Hi all
I have worked with several organisations over the years, all using SAS platforms in all sorts of ways, and shapes.
Nowadays I tend to ask the questions when I arrive at a new organisation: Have you and your team sat down, brainstormed and produced a document outlining your platforms biggest risks and weaknesses?
And have you documented your steps to follow to combat these risks, and steps to address these weaknesses.
In most cases the answer is NO.
When problems do occur they are simply dealt with on an Ad-hoc basis.
I just wondered if there are situations one can address by listing such risks and weaknesses.

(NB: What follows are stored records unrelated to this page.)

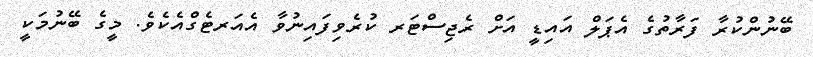
ބޭނުންކުރާ ފަރާތުގެ އެޕަލް އައިޑީ އަށް ރެޖިސްޓަރ ކުރެވިފައިނުވާ އެއަރޓެގްއެކެވެ. މީގެ ބޭނުމަކީ
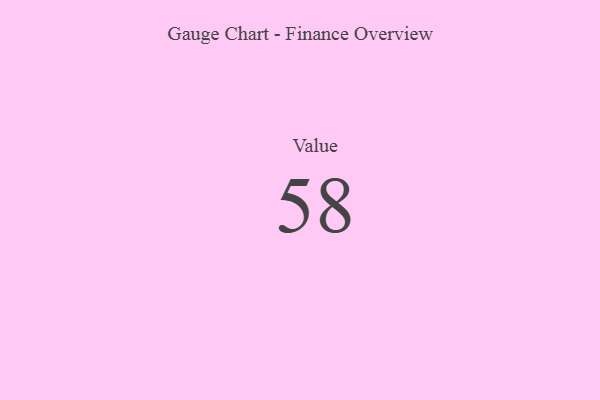
{"axis": {"x": "Metric", "y": "Value"}, "legend": [""], "data": [{"x": "Value", "y": 58, "type": ""}]}
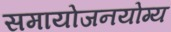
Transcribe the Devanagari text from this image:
समायोजनयोग्‍य

A typical example of a weakness is:
On a sas grid of 10 nodes, someone kicks off a job. The job lands on a random node to be run, say grid node 7. The job soon causes the node to run into trouble by consuming more than 90% of the pagefile memory. And then the node freezes as there is no more pagefile memory available.
This is considered a weakness as there is no obvious way to warn of the issue with the SAS job.
Would a suitable step to avert such a weakness be to regularly run a svmon on all the nodes to check the pagefile memory is OK, nothing dodgy going on?
While Environment Manager can perhaps monitor your platform, I do not know if this is included here.
So what other platform weaknesses have you discovered on your Grid? Anything worth documenting and sharing?